# Fine-tune Qwe2.5-1.5B with Alpaca Dataset

This example demonstrates how to fine-tune Qwen2.5-1.5B model with the Alpaca Dataset using TorchTune `BuiltinTrainer` from Kubeflow Trainer SDK.

This notebooks walks you through the prerequisites of using TorchTune `BuiltinTrainer` from Kubeflow Trainer SDK, and how to submit TrainJob to bootstrap the fine-tuning workflow.

Qwen2.5-1.5B: https://huggingface.co/Qwen/Qwen2.5-1.5B-Instruct

Alpaca Dataset: https://huggingface.co/datasets/tatsu-lab/alpaca

## Install the Kubeflow SDK

You need to install the Kubeflow SDK to interact with Kubeflow Trainer APIs:

In [None]:
!pip install kubeflow

## Prerequisites

### Install Official Training Runtimes

You need to make sure that you've installed the Kubeflow Trainer Controller Manager and Kubeflow Training Runtimes mentioned in the [installation guide](https://www.kubeflow.org/docs/components/trainer/operator-guides/installation/).

In [None]:
# List all available Kubeflow Training Runtimes.
from kubeflow.trainer import *
from kubeflow_trainer_api import models

client = TrainerClient()
for runtime in client.list_runtimes():
    print(runtime)

### Create PVCs for Models and Datasets

Currently, we do not support automatically orchestrate the volume claim in (Cluster)TrainingRuntime.

So, we need to manually create PVCs for each models we want to fine-tune.
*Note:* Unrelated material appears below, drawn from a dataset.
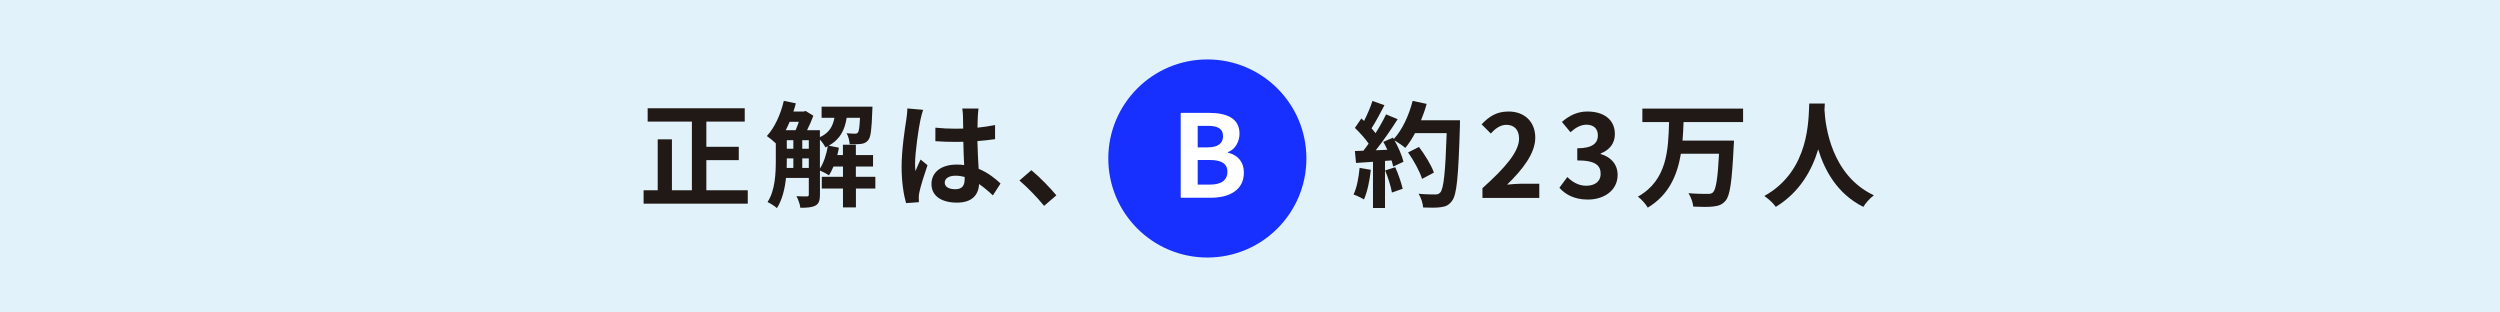 <?xml version="1.0" encoding="UTF-8"?><svg id="_イヤー_2" xmlns="http://www.w3.org/2000/svg" viewBox="0 0 684 85.5"><defs><style>.cls-1{fill:#fff;}.cls-2{fill:#211915;}.cls-3{fill:#172fff;}.cls-4{fill:#e1f2fa;}</style></defs><g id="_"><g><rect class="cls-4" width="684" height="85.5"/><g><g><path class="cls-2" d="M204.59,52.05v3.67h-28.5v-3.67h3.86v-13.92h3.89v13.92h5.46v-18.78h-12.1v-3.64h26.56v3.64h-10.5v6.9h8.87v3.64h-8.87v8.25h11.35Z"/><path class="cls-2" d="M239.51,51.58h-5.33v5.17h-3.54v-5.17h-5.8v-3.2h5.8v-2.82h-2.6c-.38,.91-.78,1.72-1.25,2.41-.53-.38-1.66-.97-2.45-1.32v6.62c0,1.47-.25,2.41-1.19,2.95-.97,.53-2.26,.63-4.17,.63-.09-.91-.6-2.32-1.07-3.17,1.25,.06,2.48,.06,2.85,.06s.53-.13,.53-.53v-4.52h-6.24c-.31,2.95-1.04,5.99-2.48,8.25-.53-.5-1.88-1.35-2.57-1.66,2.1-3.23,2.26-7.9,2.26-11.41v-4.64c-.63-.63-1.79-1.57-2.45-2.01,2.13-2.29,3.79-5.96,4.64-9.63l3.29,.69c-.19,.75-.41,1.5-.66,2.23h2.85l.47-.16,2.13,1.32c-.44,1.22-1.07,2.67-1.72,3.95h3.51v1.91c2.6-1.19,3.54-3.01,3.98-5.3h-3.51v-3.04h13.92s-.03,.78-.06,1.19c-.16,4.99-.41,7.15-1.1,7.96-.53,.66-1.13,.91-1.91,1.03-.69,.09-1.91,.13-3.17,.09-.06-.97-.38-2.23-.85-3.01,.97,.09,1.82,.13,2.26,.13,.38,0,.63-.06,.85-.34,.28-.35,.44-1.41,.56-4.01h-3.64c-.53,3.26-1.72,5.86-4.92,7.62l2.79,.56c-.12,.66-.25,1.35-.44,2.01h1.54v-2.82h3.54v2.82h4.7v3.14h-4.7v2.82h5.33v3.2Zm-23.46-18.25c-.34,.78-.69,1.57-1.07,2.29h2.7c.31-.69,.6-1.5,.88-2.29h-2.51Zm-.78,10.54c0,.66,0,1.35-.03,2.07h1.82v-2.6h-1.79v.53Zm0-3.17h1.79v-2.35h-1.79v2.35Zm4.23,0h1.79v-2.35h-1.79v2.35Zm1.79,5.24v-2.6h-1.79v2.6h1.79Zm3.04,.19c1.04-1.6,1.79-3.89,2.16-6.11-.22,.09-.44,.22-.66,.31-.28-.63-.91-1.5-1.5-2.13v7.93Z"/><path class="cls-2" d="M252.58,30.04c-.25,.63-.63,2.2-.75,2.76-.47,2.07-1.47,8.91-1.47,12.01,0,.63,.03,1.38,.12,2.01,.41-1.1,.91-2.13,1.38-3.17l1.91,1.54c-.88,2.54-1.88,5.71-2.23,7.4-.09,.44-.19,1.1-.16,1.44,0,.31,0,.85,.03,1.29l-3.51,.25c-.63-2.16-1.22-5.71-1.22-9.91,0-4.7,.91-10.57,1.29-12.95,.13-.88,.28-2.07,.28-3.04l4.33,.38Zm19.07,23.42c-1.29-1.22-2.54-2.26-3.76-3.1-.19,2.95-1.88,5.08-6.08,5.08s-6.96-1.82-6.96-5.08,2.67-5.33,6.9-5.33c.72,0,1.41,.03,2.04,.13-.09-1.91-.19-4.17-.22-6.37-.75,.03-1.51,.03-2.23,.03-1.82,0-3.58-.06-5.42-.19v-3.7c1.79,.19,3.57,.28,5.42,.28,.72,0,1.47,0,2.19-.03-.03-1.54-.03-2.79-.06-3.45,0-.47-.09-1.41-.19-2.04h4.45c-.09,.6-.16,1.35-.19,2.01-.03,.69-.09,1.85-.09,3.23,1.69-.19,3.32-.41,4.8-.72v3.86c-1.5,.22-3.14,.41-4.83,.53,.06,3.01,.22,5.49,.34,7.59,2.6,1.07,4.55,2.67,5.99,4.01l-2.1,3.26Zm-7.71-5.05c-.82-.22-1.66-.34-2.51-.34-1.76,0-2.95,.72-2.95,1.88,0,1.25,1.25,1.82,2.88,1.82,1.91,0,2.57-1,2.57-2.82v-.53Z"/><path class="cls-2" d="M285.66,56.32c-1.91-2.35-4.55-5.05-6.74-6.93l3.26-2.82c2.23,1.82,5.24,4.92,6.84,6.87l-3.36,2.89Z"/></g><g><path class="cls-2" d="M375.06,46.47c-.31,2.95-.97,6.08-1.88,8.09-.66-.41-2.04-1.07-2.85-1.35,.91-1.85,1.41-4.64,1.66-7.28l3.07,.53Zm24.4-13.58s0,1.25-.03,1.72c-.41,13.73-.85,18.69-2.16,20.35-.88,1.19-1.69,1.54-3.01,1.72-1.13,.19-3.07,.16-4.89,.09-.06-1.07-.56-2.7-1.25-3.76,1.98,.19,3.76,.19,4.61,.19,.6,0,.94-.13,1.32-.53,.94-.97,1.41-5.55,1.76-16.24h-8.65c-.85,1.54-1.72,2.92-2.67,4.04-.63-.56-2.01-1.5-2.95-2.07,1.1,1.98,2.1,4.3,2.45,5.86l-2.82,1.32c-.09-.5-.25-1.07-.44-1.69l-1.79,.13v12.89h-3.29v-12.64l-4.64,.31-.31-3.26,2.32-.09c.47-.6,.97-1.25,1.44-1.94-.91-1.35-2.45-3.04-3.76-4.3l1.76-2.57,.75,.66c.88-1.73,1.79-3.83,2.29-5.46l3.29,1.16c-1.13,2.16-2.41,4.58-3.54,6.33,.41,.44,.78,.91,1.1,1.32,1.13-1.76,2.13-3.57,2.88-5.14l3.17,1.32c-1.76,2.76-3.95,5.96-5.99,8.5l3.17-.13c-.34-.75-.72-1.5-1.1-2.16l2.63-1.16,.22,.38c2.32-2.48,4.17-6.49,5.17-10.44l3.83,.82c-.41,1.54-.94,3.04-1.54,4.48h10.69Zm-17.72,12.86c.85,1.85,1.66,4.3,2.04,5.89l-2.95,1.04c-.25-1.6-1.07-4.14-1.85-6.05l2.76-.88Zm7.34,3.2c-.6-1.98-2.23-4.99-3.83-7.24l2.98-1.51c1.63,2.16,3.42,5.05,4.08,7.02l-3.23,1.72Z"/><path class="cls-2" d="M405.59,51.49c6.3-5.64,10.03-10,10.03-13.58,0-2.35-1.29-3.76-3.48-3.76-1.69,0-3.1,1.1-4.26,2.38l-2.51-2.51c2.13-2.26,4.2-3.51,7.37-3.51,4.39,0,7.31,2.82,7.31,7.15s-3.48,8.72-7.71,12.86c1.16-.12,2.7-.25,3.76-.25h5.05v3.89h-15.55v-2.67Z"/><path class="cls-2" d="M426.66,51.36l2.16-2.92c1.38,1.35,3.07,2.38,5.17,2.38,2.35,0,3.95-1.16,3.95-3.23,0-2.29-1.35-3.7-6.4-3.7v-3.32c4.26,0,5.64-1.47,5.64-3.54,0-1.82-1.13-2.88-3.1-2.92-1.66,.03-3.01,.82-4.39,2.07l-2.35-2.82c2.01-1.76,4.23-2.85,6.96-2.85,4.48,0,7.53,2.19,7.53,6.18,0,2.51-1.41,4.33-3.89,5.3v.16c2.63,.72,4.64,2.67,4.64,5.71,0,4.26-3.73,6.74-8.15,6.74-3.67,0-6.15-1.38-7.78-3.23Z"/><path class="cls-2" d="M460.62,33.39c-.06,1.66-.13,3.39-.28,5.08h14.08s-.03,1.19-.09,1.66c-.47,9.63-1,13.42-2.23,14.8-.94,1.1-1.94,1.41-3.36,1.57-1.22,.16-3.39,.13-5.46,.03-.09-1.07-.63-2.63-1.32-3.67,2.16,.19,4.3,.19,5.24,.19,.66,0,1.07-.06,1.47-.41,.82-.78,1.32-3.86,1.66-10.57h-10.44c-.97,5.8-3.23,11.23-9.06,14.74-.56-1-1.72-2.29-2.7-3.01,8.06-4.52,8.31-12.86,8.53-20.41h-7.31v-3.67h27.56v3.67h-16.31Z"/><path class="cls-2" d="M499.27,28.31c-.03,.5-.06,1.13-.09,1.79,.25,4.33,1.82,17.84,13.51,23.33-1.16,.88-2.29,2.16-2.88,3.17-7.09-3.51-10.6-9.97-12.35-15.74-1.69,5.64-4.99,11.7-11.6,15.74-.66-.97-1.88-2.1-3.14-2.98,12.51-6.93,12.07-21.17,12.29-25.3h4.26Z"/></g><g><circle class="cls-3" cx="330.33" cy="43.36" r="27.1"/><path class="cls-1" d="M323.05,30.88h7.68c4.77,0,8.4,1.38,8.4,5.71,0,2.13-1.19,4.33-3.17,5.02v.16c2.51,.6,4.36,2.35,4.36,5.49,0,4.67-3.89,6.84-9,6.84h-8.28V30.88Zm7.34,9.44c2.95,0,4.23-1.19,4.23-3.04,0-2.04-1.38-2.85-4.17-2.85h-2.76v5.9h2.7Zm.53,10.19c3.17,0,4.89-1.13,4.89-3.54,0-2.26-1.69-3.2-4.89-3.2h-3.23v6.74h3.23Z"/></g></g></g></g></svg>

Please note that **the PVC name must be equal to the ClusterTrainingRuntime name**. In this example, it's `torchtune-qwen2.5-1.5b`.

REF: https://github.com/kubeflow/trainer/issues/2630

In [None]:
# Create a PersistentVolumeClaim for the TorchTune Qwen 2.5 1.5B model.
client.backend.core_api.create_namespaced_persistent_volume_claim(
    namespace="default",
    body=models.IoK8sApiCoreV1PersistentVolumeClaim(
        apiVersion="v1",
        kind="PersistentVolumeClaim",
        metadata=models.IoK8sApimachineryPkgApisMetaV1ObjectMeta(
            name="torchtune-qwen2.5-1.5b"
        ),
        spec=models.IoK8sApiCoreV1PersistentVolumeClaimSpec(
            accessModes=["ReadWriteOnce"],
            resources=models.IoK8sApiCoreV1VolumeResourceRequirements(
                requests={
                    "storage": models.IoK8sApimachineryPkgApiResourceQuantity("200Gi")
                }
            ),
        ),
    ).to_dict(),
)

## Bootstrap LLM Fine-tuning Workflow

Kubeflow TrainJob will train the model in the referenced (Cluster)TrainingRuntime.

In [None]:
job_name = client.train(
    runtime=client.get_runtime(name="torchtune-qwen2.5-1.5b"),
    initializer=Initializer(
        dataset=HuggingFaceDatasetInitializer(
            storage_uri="hf://tatsu-lab/alpaca/data"
        ),
        model=HuggingFaceModelInitializer(
            storage_uri="hf://Qwen/Qwen2.5-1.5B-Instruct",
        )
    ),
    trainer=BuiltinTrainer(
        config=TorchTuneConfig(
            dataset_preprocess_config=TorchTuneInstructDataset(
                source=DataFormat.PARQUET, split="train[:1000]"
            ),
            resources_per_node={
                "memory": "128G",
                "gpu": 1,
            },
            
        )
    )
)

## Wait for running status

In [None]:

# Wait for the running status.
client.wait_for_job_status(name=job_name, status={"Running"})


## Watch the TrainJob Logs

We can use the `get_job_logs()` API to get the TrainJob logs.

### Dataset Initializer

In [None]:
from kubeflow.trainer.constants import constants

for line in client.get_job_logs(job_name, follow=True, step=constants.DATASET_INITIALIZER):
    print(line)

### Model Initializer

In [None]:
for line in client.get_job_logs(job_name, follow=True, step=constants.MODEL_INITIALIZER):
    print(line)

### Trainer Node 

In [None]:
for c in client.get_job(name=job_name).steps:
    print(f"Step: {c.name}, Status: {c.status}, Devices: {c.device} x {c.device_count}\n")

for line in client.get_job_logs(job_name, follow=True):
    print(line)

# Get the Fine-tuned Model

After Trainer node completes the fine-tuning task, the fine-tuned model will be stored into the `/workspace/output` directory, which can be shared across Pods through PVC mounting. You can find it in another Pod's `/<mountDir>/output` directory if you mount the PVC under `/<mountDir>`.